3. The absence of a domain MCP doesn't stop the work — it shifts it. The Gemini CLI session finished the same six-section build the other two did. It just spent 617 tool calls doing it, more than the other two combined, with most of the extra going into shell rebuilds, file edits, and a much larger corrective tail on the contact section. That's the cost the domain MCP would have lowered — not zeroed out, but lowered.
Key findings
- The real cost of the work was 5h 49m of active time across three sessions. Raw spans summed to 18h 45m; 12h 48m of that was idle wait between user prompts. Use active time as the productivity unit.
- 92% of all prompts in this study were follow-up turns. Only 3 of 38 were initial build requests. Iterative cost dominates the work.
- Browser MCP was the universal verification layer. All three agents used it heavily — 341 combined calls — and usage steepened from turn 6 onward, when the spec shifted from feature-building to corrective debugging.

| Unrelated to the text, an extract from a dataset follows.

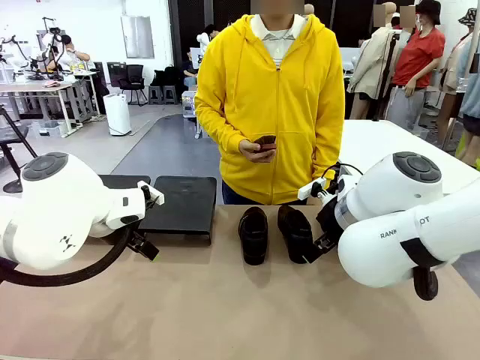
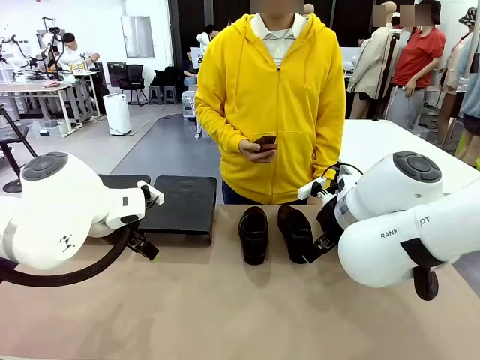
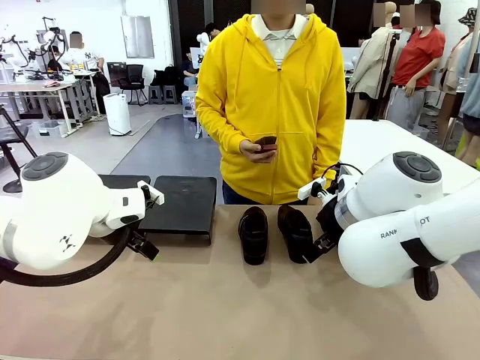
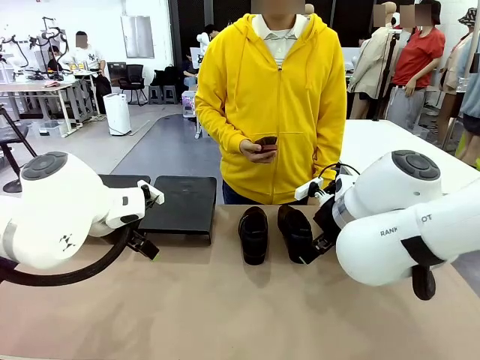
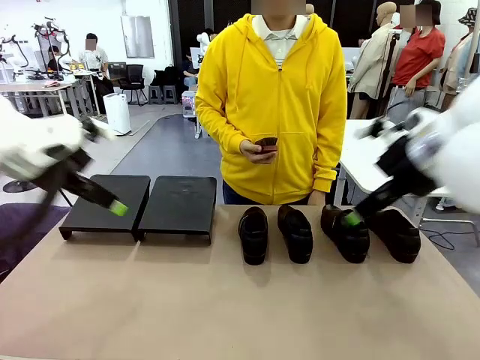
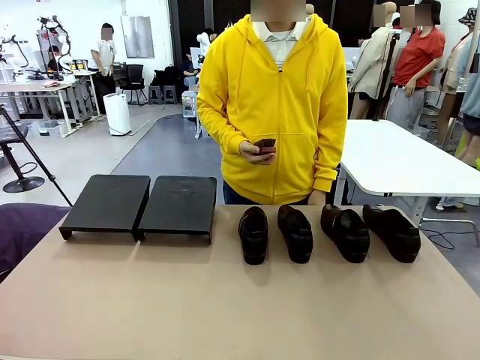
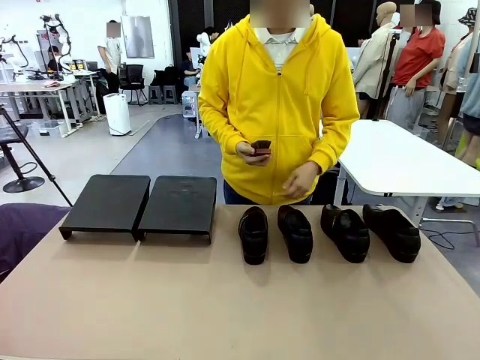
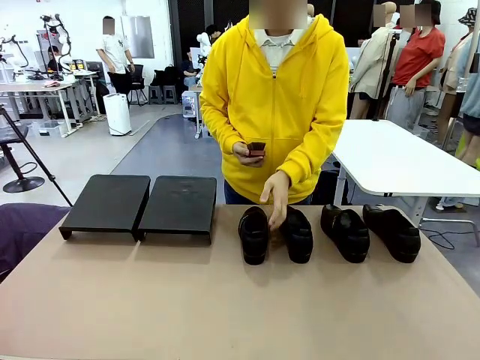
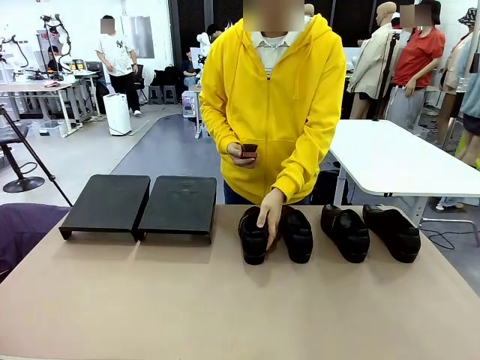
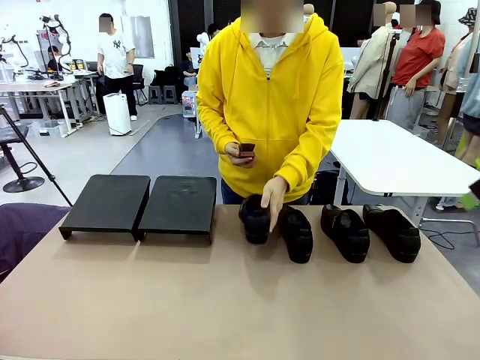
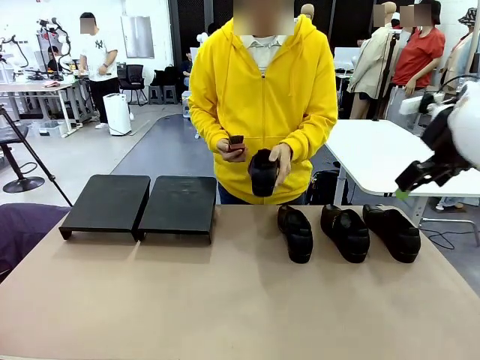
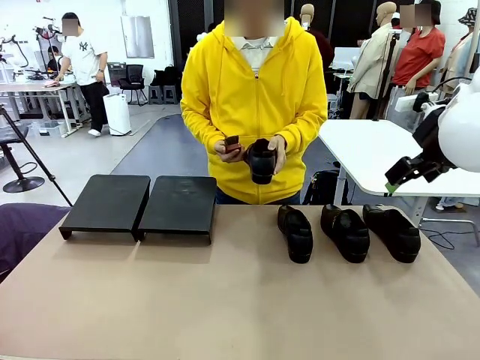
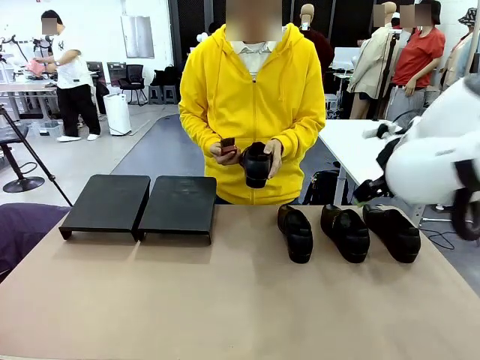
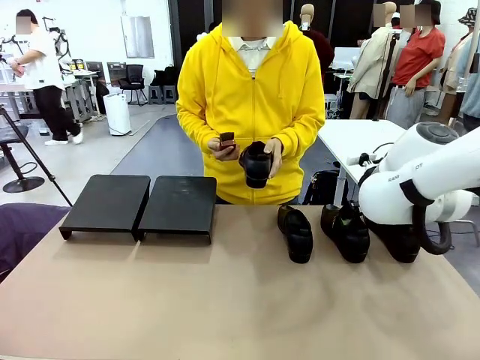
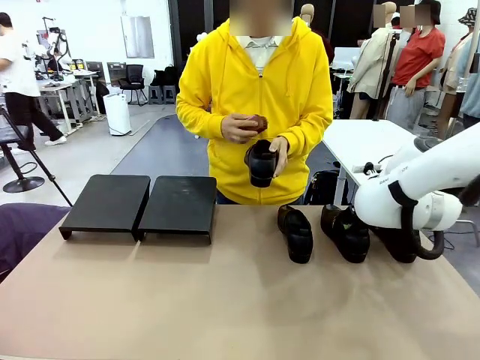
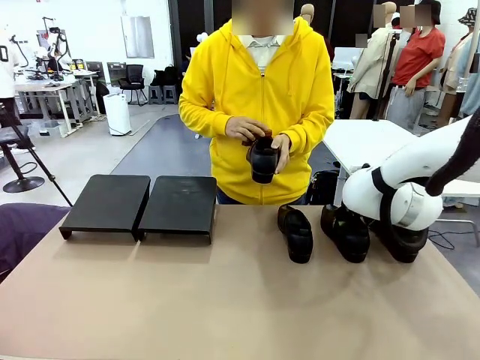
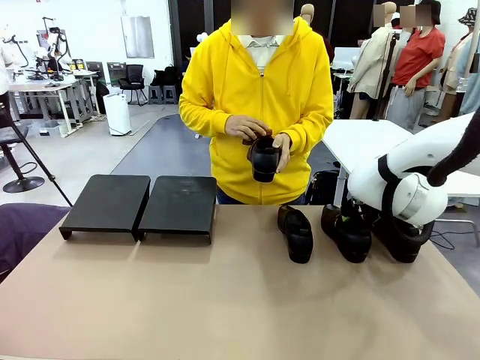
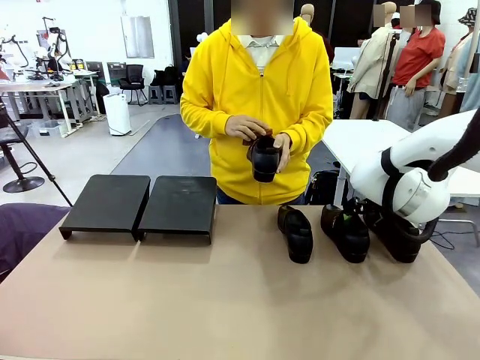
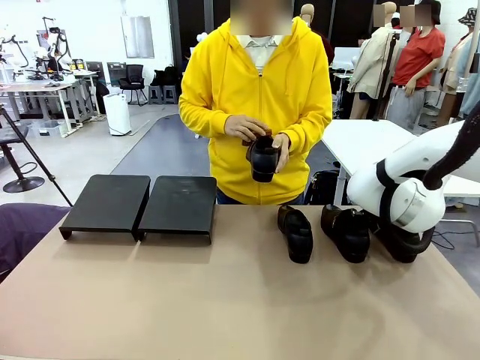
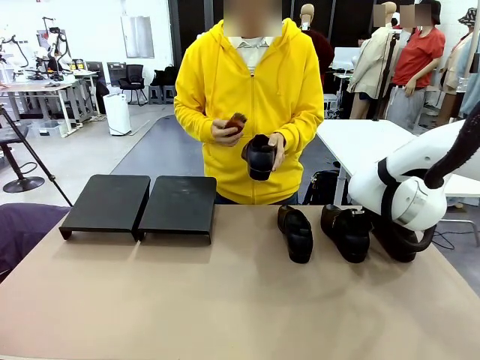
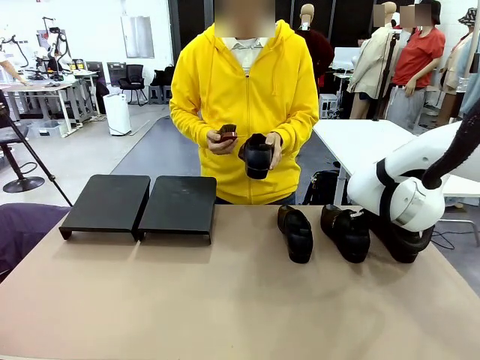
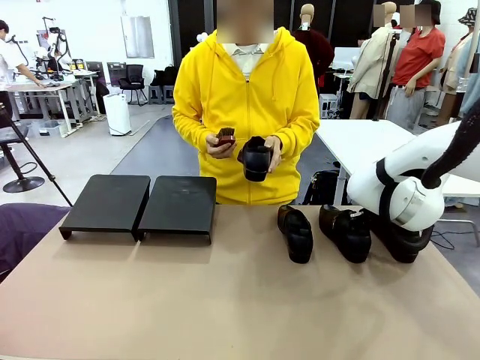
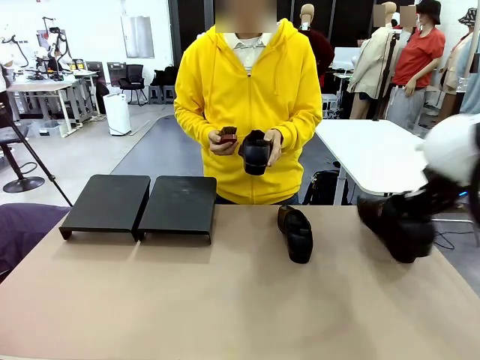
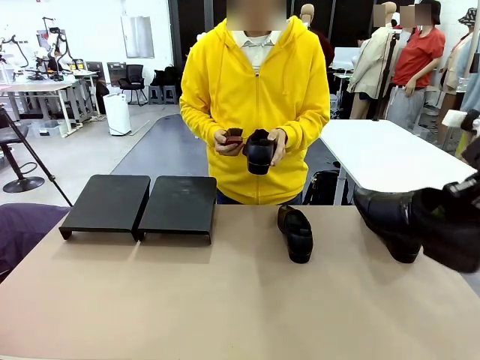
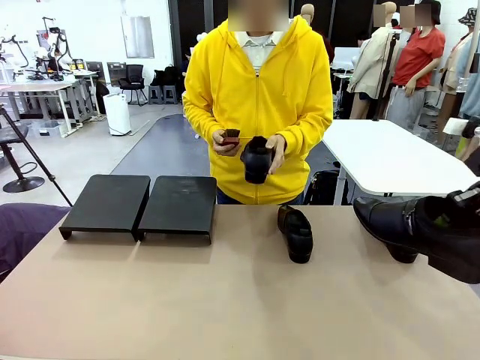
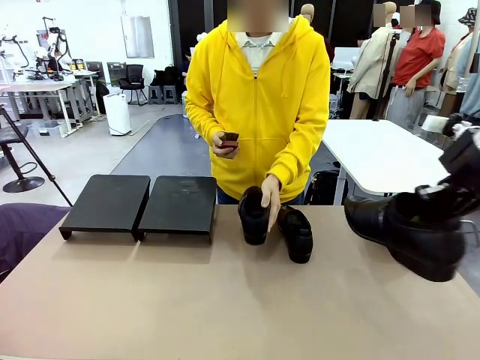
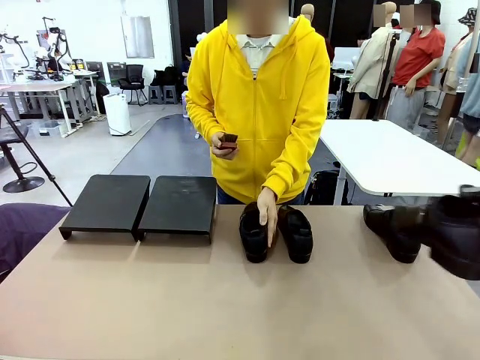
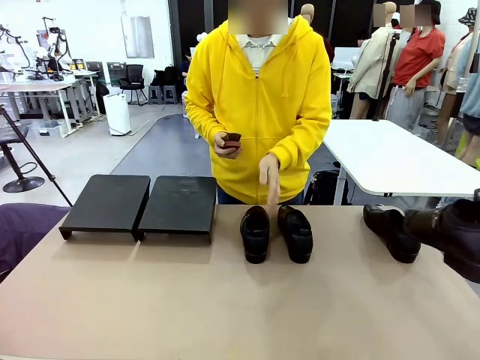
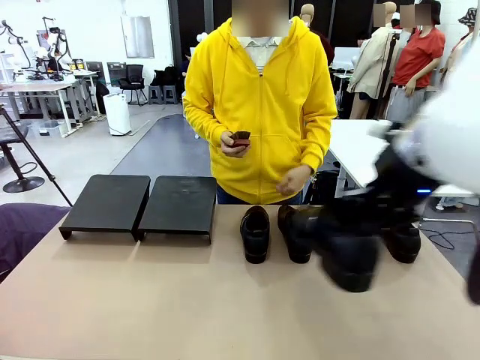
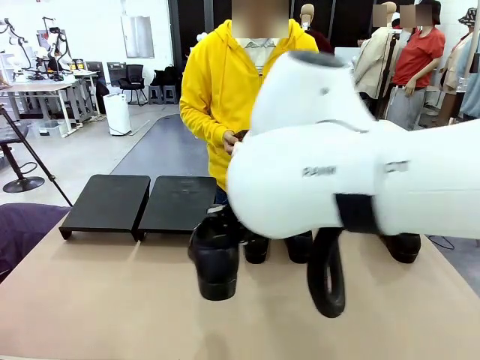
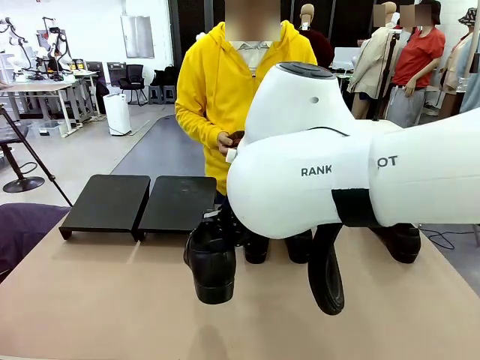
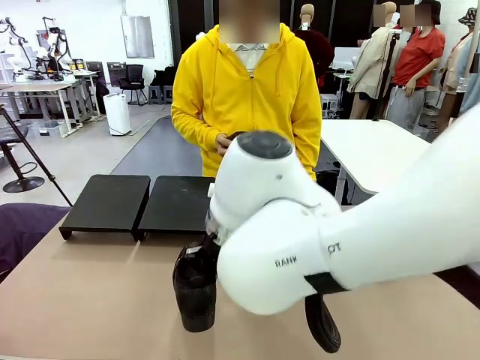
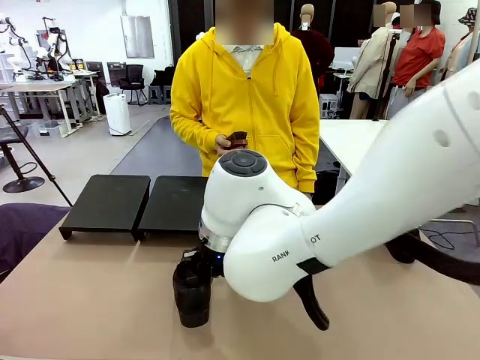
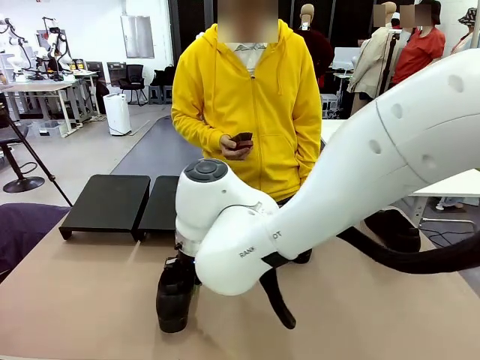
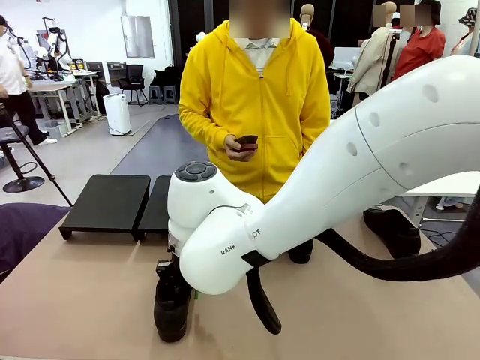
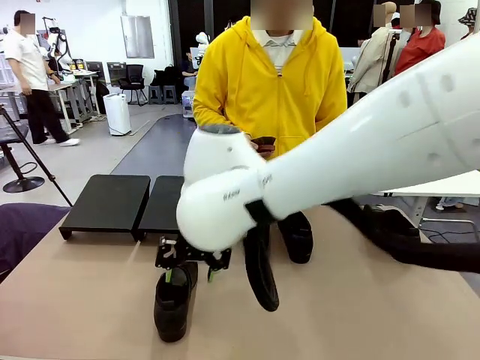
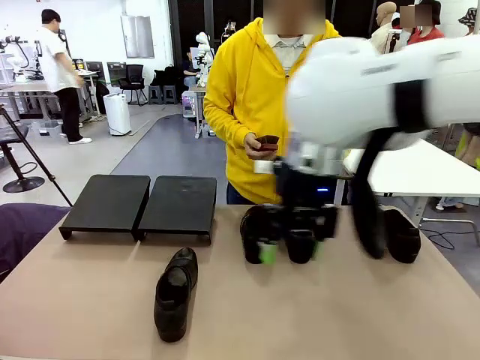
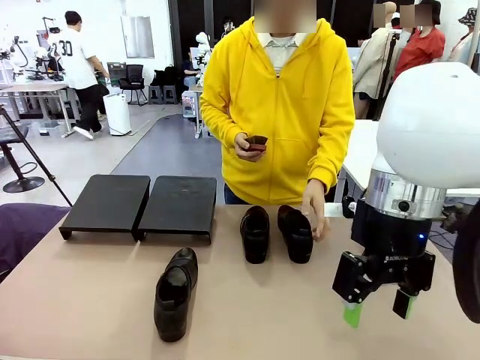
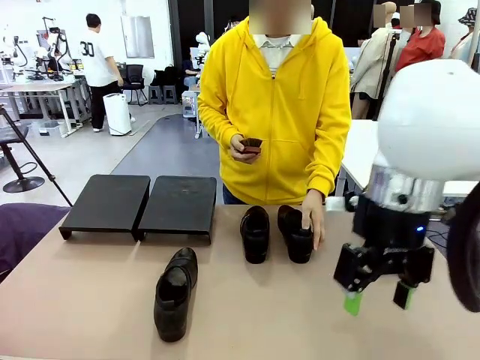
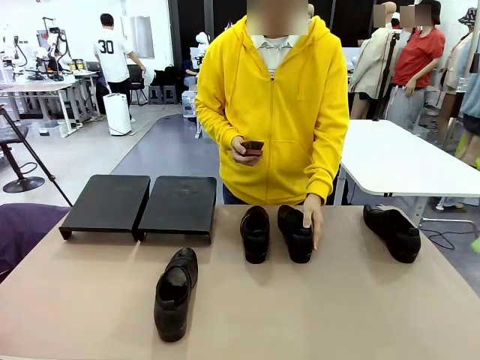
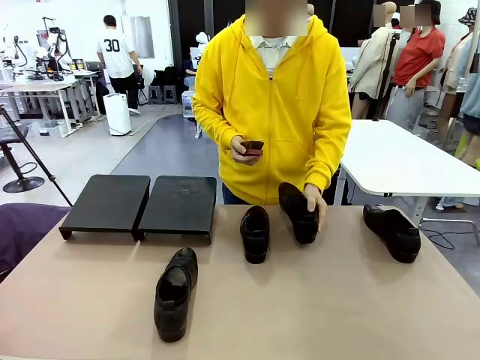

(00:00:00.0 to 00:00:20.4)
Task: Organize the shoes by placing them on the stand.
Robot: Pick up one Shoe and place it in the middle of the table.
Person: Pick one Shoe on Robot's table. Clean the Shoe with the Shoe Brush. Place the Shoe on left side of the Robot's table. Pick one Shoe on Robot's table.

- Motion.dev MCP usage diverged sharply on identical prompts. Codex: 17 calls. Claude Code: 6. Gemini CLI: 0. Same instruction, three operational styles.
- Domain MCP is front-loaded; verification MCP is back-loaded. Motion.dev calls clustered in early build turns; Playwright calls accumulated through the corrective tail.
- Tool-error rate tracks specialization. Codex (4.29%) ran the cleanest, Gemini CLI (12.32%) the noisiest. Heuristic, but directional.
- The Claude Code Motion.dev failures show MCP fit matters. Two early calls returned "unknown pattern" / "no documentation" errors. The session recovered, but the leverage was lost on those requests.
- Without a domain MCP, the work shifts into generic tooling. Gemini CLI's session ran 617 total tool calls — more than the other two combined — with a single 258-call corrective turn on the contact section.
- This study does not score output quality. It measures workflow shape, tool mix, and iteration cost. Final builds are linked above for inspection.